Directions
Would you please output the lines from the one holding "3 decimals, lengths" to the end of the entries, exactly and with no others?

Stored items
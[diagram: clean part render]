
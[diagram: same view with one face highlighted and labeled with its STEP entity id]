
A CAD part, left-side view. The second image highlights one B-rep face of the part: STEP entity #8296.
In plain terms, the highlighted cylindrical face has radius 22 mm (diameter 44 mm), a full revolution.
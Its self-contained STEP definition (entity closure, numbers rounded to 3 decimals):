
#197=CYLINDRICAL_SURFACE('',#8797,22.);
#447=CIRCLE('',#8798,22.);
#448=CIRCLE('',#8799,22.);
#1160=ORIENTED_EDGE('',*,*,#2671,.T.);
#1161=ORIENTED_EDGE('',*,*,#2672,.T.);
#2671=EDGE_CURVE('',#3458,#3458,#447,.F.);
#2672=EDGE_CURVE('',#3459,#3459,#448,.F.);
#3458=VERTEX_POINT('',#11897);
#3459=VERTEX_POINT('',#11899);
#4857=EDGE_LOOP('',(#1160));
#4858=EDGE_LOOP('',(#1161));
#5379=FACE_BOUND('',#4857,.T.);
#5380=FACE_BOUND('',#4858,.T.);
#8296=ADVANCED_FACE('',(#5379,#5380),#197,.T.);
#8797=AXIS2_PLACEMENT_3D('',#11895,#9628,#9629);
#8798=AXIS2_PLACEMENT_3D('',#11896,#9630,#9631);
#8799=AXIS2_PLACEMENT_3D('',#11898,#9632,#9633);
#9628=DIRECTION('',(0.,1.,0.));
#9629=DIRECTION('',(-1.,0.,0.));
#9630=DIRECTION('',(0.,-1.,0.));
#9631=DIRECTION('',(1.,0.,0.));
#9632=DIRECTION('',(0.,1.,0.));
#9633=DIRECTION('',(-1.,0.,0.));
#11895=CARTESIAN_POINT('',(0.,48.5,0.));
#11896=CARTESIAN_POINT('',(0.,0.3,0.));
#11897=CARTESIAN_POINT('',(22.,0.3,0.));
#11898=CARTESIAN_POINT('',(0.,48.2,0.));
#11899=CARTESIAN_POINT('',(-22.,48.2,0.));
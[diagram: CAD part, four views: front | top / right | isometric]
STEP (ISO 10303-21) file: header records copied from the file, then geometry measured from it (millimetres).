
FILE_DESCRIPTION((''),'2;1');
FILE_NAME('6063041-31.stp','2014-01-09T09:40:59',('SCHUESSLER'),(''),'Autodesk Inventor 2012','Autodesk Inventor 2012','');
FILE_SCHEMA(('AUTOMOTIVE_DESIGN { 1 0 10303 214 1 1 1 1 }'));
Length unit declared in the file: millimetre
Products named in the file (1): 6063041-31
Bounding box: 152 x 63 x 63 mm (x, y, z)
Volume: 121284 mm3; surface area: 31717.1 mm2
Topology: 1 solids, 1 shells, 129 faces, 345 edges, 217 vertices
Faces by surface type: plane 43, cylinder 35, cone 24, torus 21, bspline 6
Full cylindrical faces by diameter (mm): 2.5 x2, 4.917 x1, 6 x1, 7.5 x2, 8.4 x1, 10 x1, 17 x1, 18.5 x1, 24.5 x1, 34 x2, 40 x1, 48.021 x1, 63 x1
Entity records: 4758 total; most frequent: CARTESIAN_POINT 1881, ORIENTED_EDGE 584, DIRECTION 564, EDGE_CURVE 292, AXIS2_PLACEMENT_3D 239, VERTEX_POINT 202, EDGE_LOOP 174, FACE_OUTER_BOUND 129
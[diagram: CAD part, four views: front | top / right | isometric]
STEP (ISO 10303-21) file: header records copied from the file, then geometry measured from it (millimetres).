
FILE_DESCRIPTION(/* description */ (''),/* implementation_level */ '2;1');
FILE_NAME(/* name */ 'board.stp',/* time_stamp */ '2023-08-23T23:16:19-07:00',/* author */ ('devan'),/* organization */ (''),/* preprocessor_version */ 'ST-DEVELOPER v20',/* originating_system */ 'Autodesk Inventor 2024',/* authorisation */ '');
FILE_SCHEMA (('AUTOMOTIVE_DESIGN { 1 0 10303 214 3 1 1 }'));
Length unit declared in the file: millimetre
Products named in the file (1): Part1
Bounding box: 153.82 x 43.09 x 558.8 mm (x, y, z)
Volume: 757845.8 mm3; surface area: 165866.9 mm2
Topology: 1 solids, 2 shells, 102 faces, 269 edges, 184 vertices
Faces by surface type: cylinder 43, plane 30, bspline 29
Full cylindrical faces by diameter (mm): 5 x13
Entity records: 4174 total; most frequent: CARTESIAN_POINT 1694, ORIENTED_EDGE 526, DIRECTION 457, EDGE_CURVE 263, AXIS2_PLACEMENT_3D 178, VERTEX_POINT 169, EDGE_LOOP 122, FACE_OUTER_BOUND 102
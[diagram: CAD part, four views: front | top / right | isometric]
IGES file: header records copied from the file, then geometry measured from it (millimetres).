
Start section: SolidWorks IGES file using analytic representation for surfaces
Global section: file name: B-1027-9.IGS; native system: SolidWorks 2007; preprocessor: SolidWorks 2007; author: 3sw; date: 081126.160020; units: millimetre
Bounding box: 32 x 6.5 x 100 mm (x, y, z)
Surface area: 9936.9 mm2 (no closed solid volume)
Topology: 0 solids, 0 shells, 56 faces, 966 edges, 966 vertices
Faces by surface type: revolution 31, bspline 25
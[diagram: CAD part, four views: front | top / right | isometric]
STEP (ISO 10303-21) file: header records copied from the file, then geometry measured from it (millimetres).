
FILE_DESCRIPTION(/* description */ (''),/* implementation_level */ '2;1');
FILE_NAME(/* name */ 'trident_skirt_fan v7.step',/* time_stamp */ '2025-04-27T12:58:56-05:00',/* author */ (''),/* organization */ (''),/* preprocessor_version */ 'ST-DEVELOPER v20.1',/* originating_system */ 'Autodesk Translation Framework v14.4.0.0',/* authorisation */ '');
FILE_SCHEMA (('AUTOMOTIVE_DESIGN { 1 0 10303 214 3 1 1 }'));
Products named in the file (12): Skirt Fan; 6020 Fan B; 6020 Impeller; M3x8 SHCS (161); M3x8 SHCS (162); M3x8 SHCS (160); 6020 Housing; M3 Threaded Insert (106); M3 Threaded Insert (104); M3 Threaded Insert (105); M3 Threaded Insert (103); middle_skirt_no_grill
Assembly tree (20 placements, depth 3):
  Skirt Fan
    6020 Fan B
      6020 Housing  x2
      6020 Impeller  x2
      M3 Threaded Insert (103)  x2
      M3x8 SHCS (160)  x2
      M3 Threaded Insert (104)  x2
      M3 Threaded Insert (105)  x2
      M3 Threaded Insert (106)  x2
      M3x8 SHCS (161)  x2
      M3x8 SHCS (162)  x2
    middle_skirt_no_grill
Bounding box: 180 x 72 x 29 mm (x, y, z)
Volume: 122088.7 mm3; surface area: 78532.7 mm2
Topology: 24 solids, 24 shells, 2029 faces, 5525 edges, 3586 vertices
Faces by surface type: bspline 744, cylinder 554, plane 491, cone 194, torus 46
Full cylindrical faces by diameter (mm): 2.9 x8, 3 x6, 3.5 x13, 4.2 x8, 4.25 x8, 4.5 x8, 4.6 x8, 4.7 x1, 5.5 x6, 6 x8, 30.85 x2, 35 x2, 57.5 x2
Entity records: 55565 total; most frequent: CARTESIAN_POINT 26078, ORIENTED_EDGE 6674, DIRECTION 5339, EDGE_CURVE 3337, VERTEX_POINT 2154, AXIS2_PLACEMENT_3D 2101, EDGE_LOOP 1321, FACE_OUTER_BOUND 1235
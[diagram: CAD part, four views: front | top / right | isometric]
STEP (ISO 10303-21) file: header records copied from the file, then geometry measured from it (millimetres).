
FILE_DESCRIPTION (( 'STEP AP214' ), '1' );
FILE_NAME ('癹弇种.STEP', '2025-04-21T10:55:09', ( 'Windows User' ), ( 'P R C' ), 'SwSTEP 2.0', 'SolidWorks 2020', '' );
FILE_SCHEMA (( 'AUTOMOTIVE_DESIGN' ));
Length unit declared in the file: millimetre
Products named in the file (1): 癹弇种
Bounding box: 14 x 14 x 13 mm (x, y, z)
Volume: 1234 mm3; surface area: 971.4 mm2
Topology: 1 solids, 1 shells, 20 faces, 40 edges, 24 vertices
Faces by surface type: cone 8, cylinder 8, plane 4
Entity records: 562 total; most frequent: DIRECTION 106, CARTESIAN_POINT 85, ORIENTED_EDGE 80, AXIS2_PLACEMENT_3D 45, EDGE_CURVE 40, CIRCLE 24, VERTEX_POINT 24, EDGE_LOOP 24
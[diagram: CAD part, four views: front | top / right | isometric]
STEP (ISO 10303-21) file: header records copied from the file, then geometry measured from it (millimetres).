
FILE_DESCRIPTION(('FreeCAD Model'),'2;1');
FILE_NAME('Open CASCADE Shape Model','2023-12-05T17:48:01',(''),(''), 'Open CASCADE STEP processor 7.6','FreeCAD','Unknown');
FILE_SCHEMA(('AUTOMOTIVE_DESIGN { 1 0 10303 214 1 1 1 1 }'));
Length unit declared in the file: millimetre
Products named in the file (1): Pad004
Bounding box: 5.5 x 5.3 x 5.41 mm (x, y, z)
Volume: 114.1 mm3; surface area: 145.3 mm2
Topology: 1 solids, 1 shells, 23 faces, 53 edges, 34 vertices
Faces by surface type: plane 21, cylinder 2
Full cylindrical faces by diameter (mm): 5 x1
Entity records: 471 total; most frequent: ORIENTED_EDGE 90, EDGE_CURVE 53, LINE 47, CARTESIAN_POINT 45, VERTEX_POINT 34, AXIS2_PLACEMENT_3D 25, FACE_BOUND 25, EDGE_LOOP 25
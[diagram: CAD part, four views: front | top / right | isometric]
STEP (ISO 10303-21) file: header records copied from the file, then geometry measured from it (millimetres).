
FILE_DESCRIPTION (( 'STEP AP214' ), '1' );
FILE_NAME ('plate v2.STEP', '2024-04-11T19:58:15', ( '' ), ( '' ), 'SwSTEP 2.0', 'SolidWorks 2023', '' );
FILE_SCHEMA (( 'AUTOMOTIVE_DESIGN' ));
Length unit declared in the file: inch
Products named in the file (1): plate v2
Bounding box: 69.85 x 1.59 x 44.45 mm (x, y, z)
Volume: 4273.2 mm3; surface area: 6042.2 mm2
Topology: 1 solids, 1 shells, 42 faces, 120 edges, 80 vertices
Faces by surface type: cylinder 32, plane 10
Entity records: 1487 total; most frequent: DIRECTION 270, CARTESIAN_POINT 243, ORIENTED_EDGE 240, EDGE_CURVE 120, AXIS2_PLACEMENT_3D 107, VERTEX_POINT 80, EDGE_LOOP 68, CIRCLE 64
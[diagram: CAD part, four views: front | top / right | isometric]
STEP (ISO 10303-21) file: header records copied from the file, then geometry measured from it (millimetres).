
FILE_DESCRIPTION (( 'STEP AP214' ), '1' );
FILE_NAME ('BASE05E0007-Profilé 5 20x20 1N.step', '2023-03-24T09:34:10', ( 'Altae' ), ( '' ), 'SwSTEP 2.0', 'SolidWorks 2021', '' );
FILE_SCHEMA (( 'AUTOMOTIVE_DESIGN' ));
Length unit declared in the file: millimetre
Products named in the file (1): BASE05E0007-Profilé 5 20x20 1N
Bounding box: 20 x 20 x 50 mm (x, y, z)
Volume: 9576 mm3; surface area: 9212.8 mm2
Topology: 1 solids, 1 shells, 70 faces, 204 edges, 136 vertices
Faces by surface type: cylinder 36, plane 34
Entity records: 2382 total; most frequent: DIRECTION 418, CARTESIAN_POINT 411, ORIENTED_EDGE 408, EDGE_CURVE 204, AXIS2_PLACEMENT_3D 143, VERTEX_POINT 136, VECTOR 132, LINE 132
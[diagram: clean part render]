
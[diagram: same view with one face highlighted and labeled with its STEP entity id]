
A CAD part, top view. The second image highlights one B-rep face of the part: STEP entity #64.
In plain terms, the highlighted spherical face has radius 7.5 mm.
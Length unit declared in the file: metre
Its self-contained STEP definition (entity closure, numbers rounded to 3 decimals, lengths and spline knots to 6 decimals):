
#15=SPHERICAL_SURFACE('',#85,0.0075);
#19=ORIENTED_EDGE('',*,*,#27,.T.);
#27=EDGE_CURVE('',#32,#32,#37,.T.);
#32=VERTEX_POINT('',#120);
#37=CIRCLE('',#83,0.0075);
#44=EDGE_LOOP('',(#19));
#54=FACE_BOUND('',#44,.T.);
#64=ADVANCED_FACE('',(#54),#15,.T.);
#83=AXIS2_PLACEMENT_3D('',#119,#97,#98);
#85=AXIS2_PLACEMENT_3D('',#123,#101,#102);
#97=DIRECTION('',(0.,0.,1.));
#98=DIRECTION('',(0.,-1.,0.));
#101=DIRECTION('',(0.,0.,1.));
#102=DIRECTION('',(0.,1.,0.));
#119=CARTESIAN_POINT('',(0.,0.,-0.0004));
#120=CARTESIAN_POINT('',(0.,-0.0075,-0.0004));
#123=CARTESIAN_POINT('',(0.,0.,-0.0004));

Written response
Its self-contained STEP definition (entity closure, numbers rounded to 3 decimals, lengths and spline knots to 6 decimals):
#15=SPHERICAL_SURFACE('',#85,0.0075);
#19=ORIENTED_EDGE('',*,*,#27,.T.);
#27=EDGE_CURVE('',#32,#32,#37,.T.);
#32=VERTEX_POINT('',#120);
#37=CIRCLE('',#83,0.0075);
#44=EDGE_LOOP('',(#19));
#54=FACE_BOUND('',#44,.T.);
#64=ADVANCED_FACE('',(#54),#15,.T.);
#83=AXIS2_PLACEMENT_3D('',#119,#97,#98);
#85=AXIS2_PLACEMENT_3D('',#123,#101,#102);
#97=DIRECTION('',(0.,0.,1.));
#98=DIRECTION('',(0.,-1.,0.));
#101=DIRECTION('',(0.,0.,1.));
#102=DIRECTION('',(0.,1.,0.));
#119=CARTESIAN_POINT('',(0.,0.,-0.0004));
#120=CARTESIAN_POINT('',(0.,-0.0075,-0.0004));
#123=CARTESIAN_POINT('',(0.,0.,-0.0004));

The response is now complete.